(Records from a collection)
'''

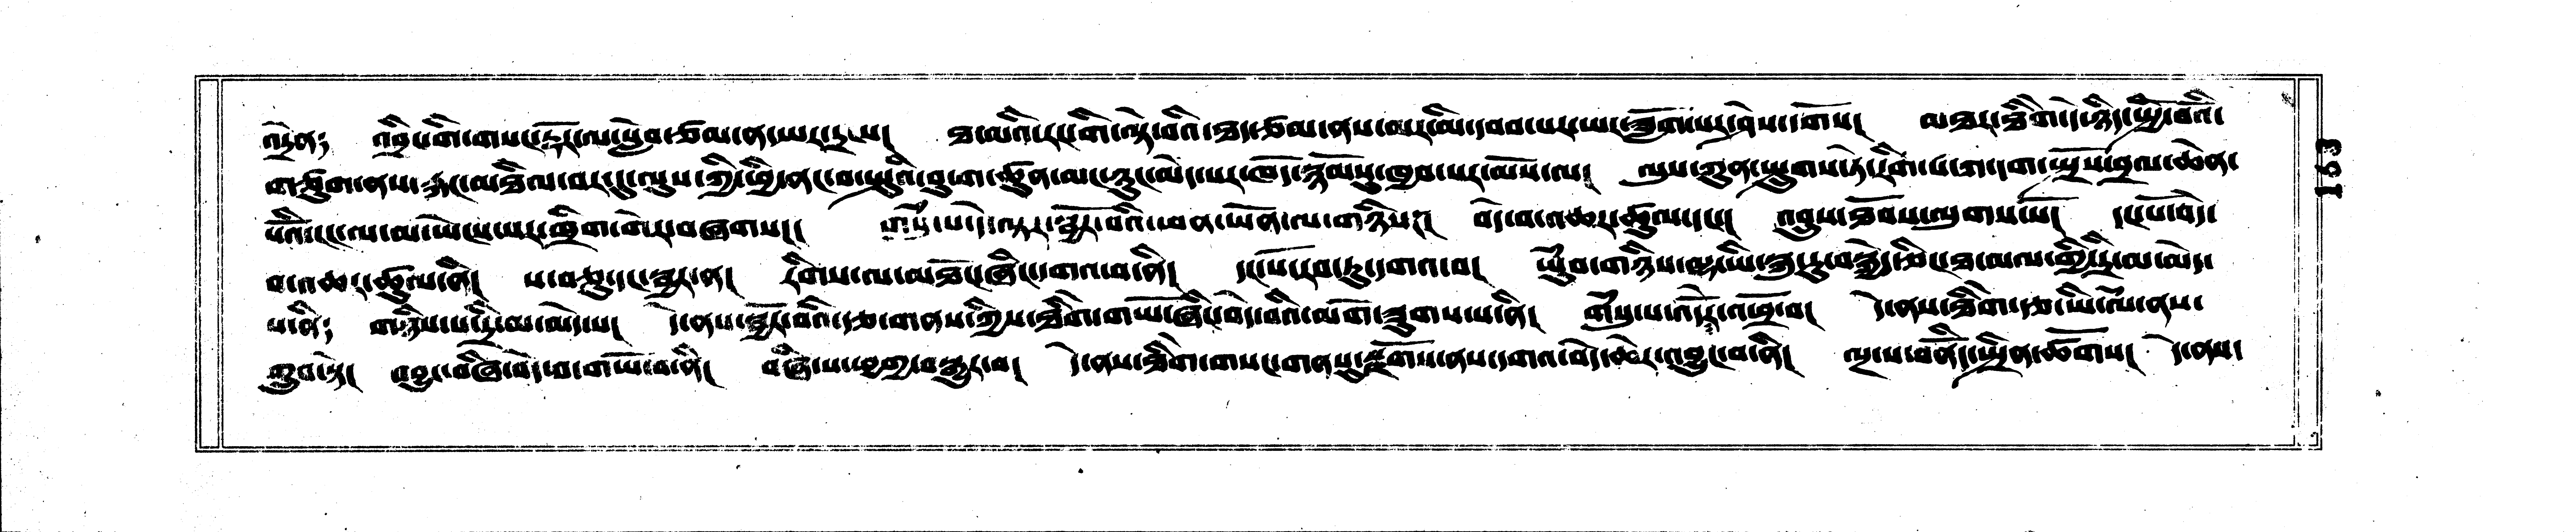འདྲེན། འབྲིང་གི་གསང་རྡོར་ལ་སླེབས་ཙམ་ན་ཡར་དྲངས། ཐ་མའི་རང་གི་ལྟེ་བའི་ཐད་ཙམ་ནས་མར་མི་དབབ་པར་ཡར་ཟོག་པར་ཤེས་དགོས། མཐར་ཐིག་ལེ་དེ་ཉིད་སྤྱི་བོའི་
གཙུག་ནས་རྐང་མཐིལ་བར་དུ་ལུས་ཀྱི་ཕྱི་ནང་བ་སྤུའི་བུ་ག་ཚུན་མང་ཉུང་མེད་པར་ཁོད་སྙོམས་སུ་ཁྱབ་པར་མོས་ལ། ལུས་ཀུན་སྤྲུགས་ཏེ་རིག་པ་ཀ་དག་སྤྲོས་བྲལ་ཆེན་
པོའི་ངང་ལ་མ་ཡེངས་པར་ཁྲེག་གེར་བཞག །གསུམ་པ་དེ་ལྟར་སྦྱོར་བའི་ཕན་ཡོན་ལ་གཉིས། བདེ་བ་འཆར་ཚུལ་དང་འབྲས་བུ་ཐོབ་ལུགས་སོ། །དང་པོ་བདེ་
བ་འཆར་ཚུལ་ནི། ས་བཅུ་དང་སྦྱར་ན། རིགས་ལ་མཐོང་ཞིང་དགའ་བ་ནི། དང་པོ་རབ་དུ་དགའ་བ། ཡབ་ཡུམ་གཉིས་ལྷ་ཡི་སྐུ་རུ་བསྐྱེད་ཅིང་ཐ་མལ་གྱི་དྲི་མ་མེད་
པ་ནི། དྲི་མ་མེད་པ། དེ་ནས་སྦྱོར་བའི་རྩ་གནས་ཀྱིས་ཐིག་ལེ་གཡོ་ཞིང་བདེ་བའི་འགོ་ཟུགས་པ་ནི། གསུམ་པ་འོད་ཟེར་འཕྲོ་བ། དེ་ནས་ཐིག་ལེ་རྩ་ཡི་ལམ་ནས་
གྲུབ་སྟེ། འབྱུང་བཞི་བདེ་བ་གཡོ་བ་ནི། བཞི་པ་ཕྱག་རྒྱ་བསྒྱུར་བ། དེ་ནས་ཐིག་ལེ་གསང་གནས་སུ་རྫོགས་ནས་དགའ་བདེ་ཆེར་འབྱུང་བ་ནི། ལྔ་པ་བོན་ཉིད་སྤྲིན་ཚོགས། དེ་ནས་

'''

• _WORK REQUIRED_:
Wherever a picture appears in the data, please drop it and retype the rest exactly.

• _SOLUTION TO THIS TASK_:
འདྲེན། འབྲིང་གི་གསང་རྡོར་ལ་སླེབས་ཙམ་ན་ཡར་དྲངས། ཐ་མའི་རང་གི་ལྟེ་བའི་ཐད་ཙམ་ནས་མར་མི་དབབ་པར་ཡར་ཟོག་པར་ཤེས་དགོས། མཐར་ཐིག་ལེ་དེ་ཉིད་སྤྱི་བོའི་
གཙུག་ནས་རྐང་མཐིལ་བར་དུ་ལུས་ཀྱི་ཕྱི་ནང་བ་སྤུའི་བུ་ག་ཚུན་མང་ཉུང་མེད་པར་ཁོད་སྙོམས་སུ་ཁྱབ་པར་མོས་ལ། ལུས་ཀུན་སྤྲུགས་ཏེ་རིག་པ་ཀ་དག་སྤྲོས་བྲལ་ཆེན་
པོའི་ངང་ལ་མ་ཡེངས་པར་ཁྲེག་གེར་བཞག །གསུམ་པ་དེ་ལྟར་སྦྱོར་བའི་ཕན་ཡོན་ལ་གཉིས། བདེ་བ་འཆར་ཚུལ་དང་འབྲས་བུ་ཐོབ་ལུགས་སོ། །དང་པོ་བདེ་
བ་འཆར་ཚུལ་ནི། ས་བཅུ་དང་སྦྱར་ན། རིགས་ལ་མཐོང་ཞིང་དགའ་བ་ནི། དང་པོ་རབ་དུ་དགའ་བ། ཡབ་ཡུམ་གཉིས་ལྷ་ཡི་སྐུ་རུ་བསྐྱེད་ཅིང་ཐ་མལ་གྱི་དྲི་མ་མེད་
པ་ནི། དྲི་མ་མེད་པ། དེ་ནས་སྦྱོར་བའི་རྩ་གནས་ཀྱིས་ཐིག་ལེ་གཡོ་ཞིང་བདེ་བའི་འགོ་ཟུགས་པ་ནི། གསུམ་པ་འོད་ཟེར་འཕྲོ་བ། དེ་ནས་ཐིག་ལེ་རྩ་ཡི་ལམ་ནས་
གྲུབ་སྟེ། འབྱུང་བཞི་བདེ་བ་གཡོ་བ་ནི། བཞི་པ་ཕྱག་རྒྱ་བསྒྱུར་བ། དེ་ནས་ཐིག་ལེ་གསང་གནས་སུ་རྫོགས་ནས་དགའ་བདེ་ཆེར་འབྱུང་བ་ནི། ལྔ་པ་བོན་ཉིད་སྤྲིན་ཚོགས། དེ་ནས་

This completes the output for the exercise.